KEY POINTS:
The only way Scotland coach Frank Hadden was going to come out of this one without a large omelette on his face was if his side won - and there was never any chance of that happening, despite a scrappy, error-riddled performance from the All Blacks.
Hadden's controversial selection policy, where he rested most of his frontline players, was a cynical ploy that has won him few friends in Scotland and none in New Zealand.
In the end, a humiliating 40-0 defeat was probably the second-most palatable result for Hadden. A closely fought match would have just posed a series of "what-ifs?"
What if Simon Taylor had been playing? What if the Lamont brothers had been given the opportunity to run at the All Blacks?

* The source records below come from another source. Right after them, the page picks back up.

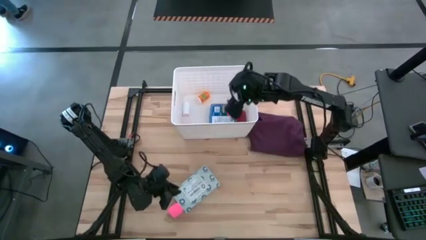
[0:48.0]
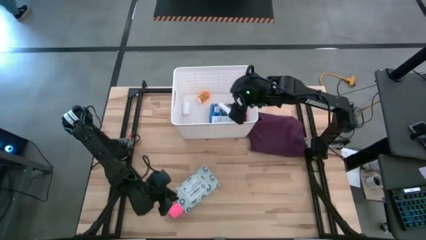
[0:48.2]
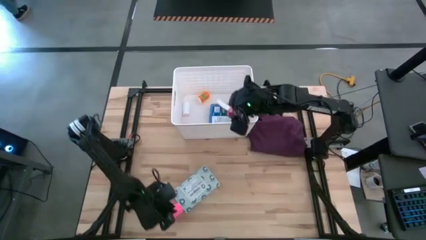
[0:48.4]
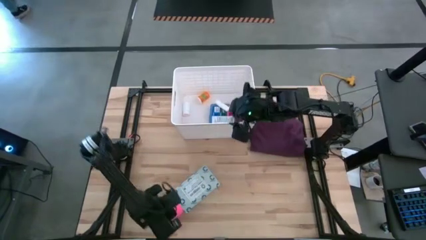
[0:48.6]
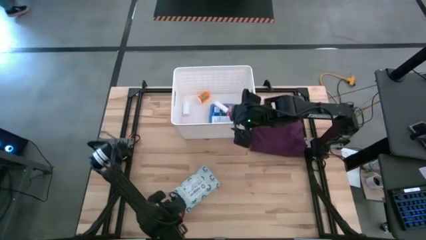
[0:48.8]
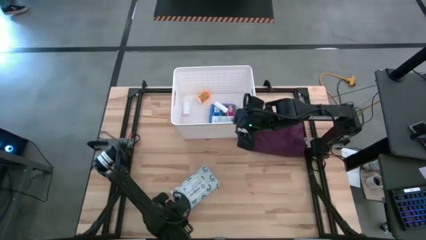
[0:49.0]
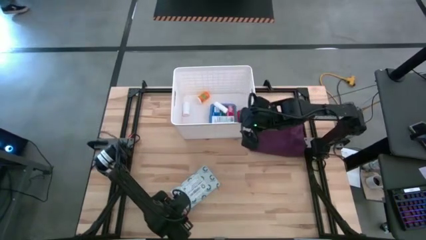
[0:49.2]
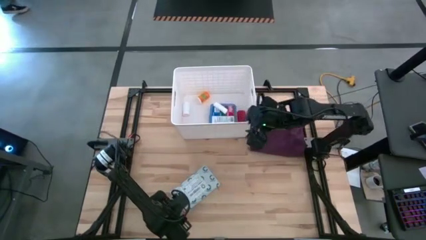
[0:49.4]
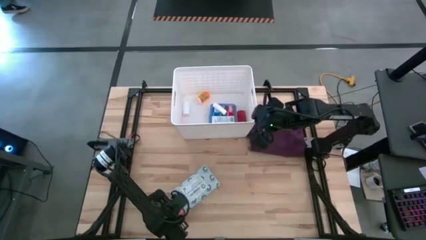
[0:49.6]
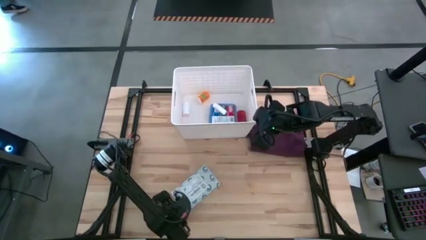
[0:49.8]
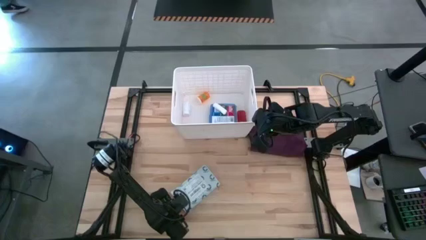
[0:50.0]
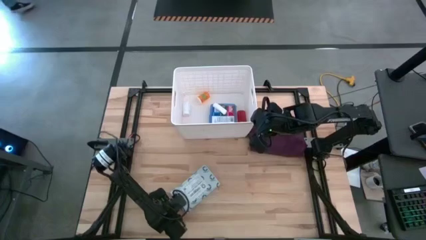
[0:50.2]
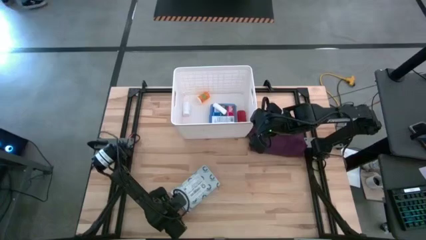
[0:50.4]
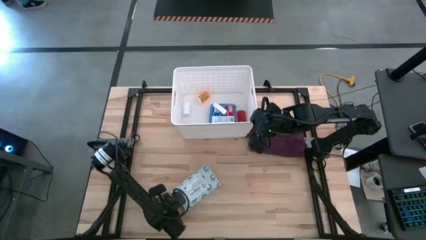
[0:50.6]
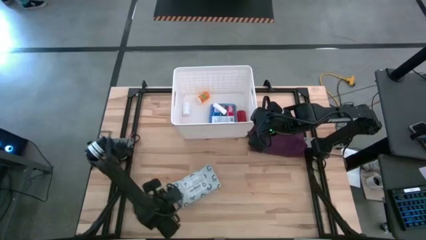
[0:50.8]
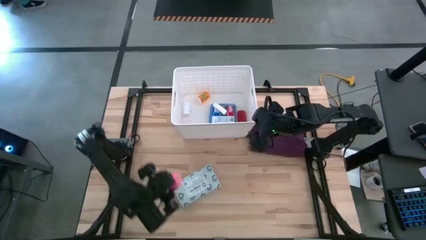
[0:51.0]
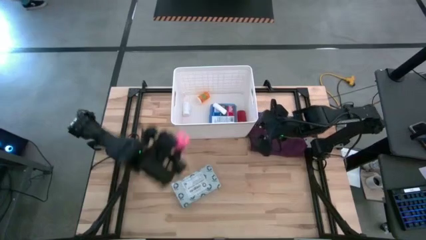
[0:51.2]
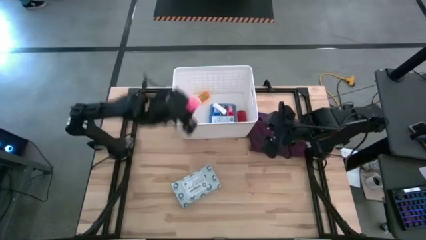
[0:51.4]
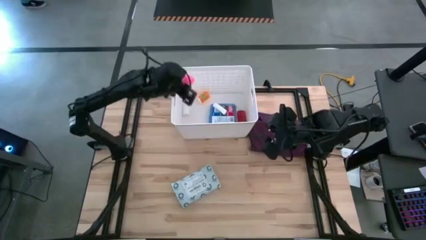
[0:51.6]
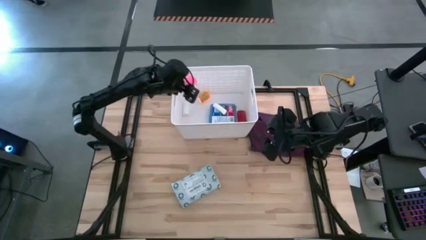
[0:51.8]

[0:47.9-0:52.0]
Task: Pick & place medical supplies in basket/bin
Put the pink bandage into the white bin

We'll never know. What we do know is that the front row the Scots sent out against the most powerful front row in the world was ill-equipped to handle the situation. At one stage there was genuine fear debutant Alasdair Dickinson could be hurt badly by Carl Hayman.
It wasn't fair to anyone to put him in that position in his first test.
Graham Henry probably can't be too vocal about the selections that will leave his side without a genuine 'test' before a quarter-final, probably against the fast-improving French at Cardiff. He, too, has danced some selection shuffles in his tenure.
He finds himself in a glasshouse with a pocketful of stones but there was a massive difference between any of the 'rotation' stunts the All Blacks coach pulled and this one. Henry never once sent out a team on to the field he thought would lose.
Hadden can talk all he likes about how he thought this XV was his best hope of victory here but in truth they were little more than rugby virgins, sacrificed on the altar of quarter-final qualification.
There are some bigger ideals at stake here though.
This match has been highly anticipated since the draw was made. How does Hadden face his countrymen who might have saved long and hard to buy a ticket for this match? Who might have brought their children along for their first rugby internationals? Expats who might have returned to Scotland just to watch this?
Can Hadden now blame any of those who decide that Murrayfield is not a place they need to visit again?
Hadden has thrown all his eggs into the Italy-at-St Etienne basket. Some of them have already broken however. How does that omelette taste, Frank?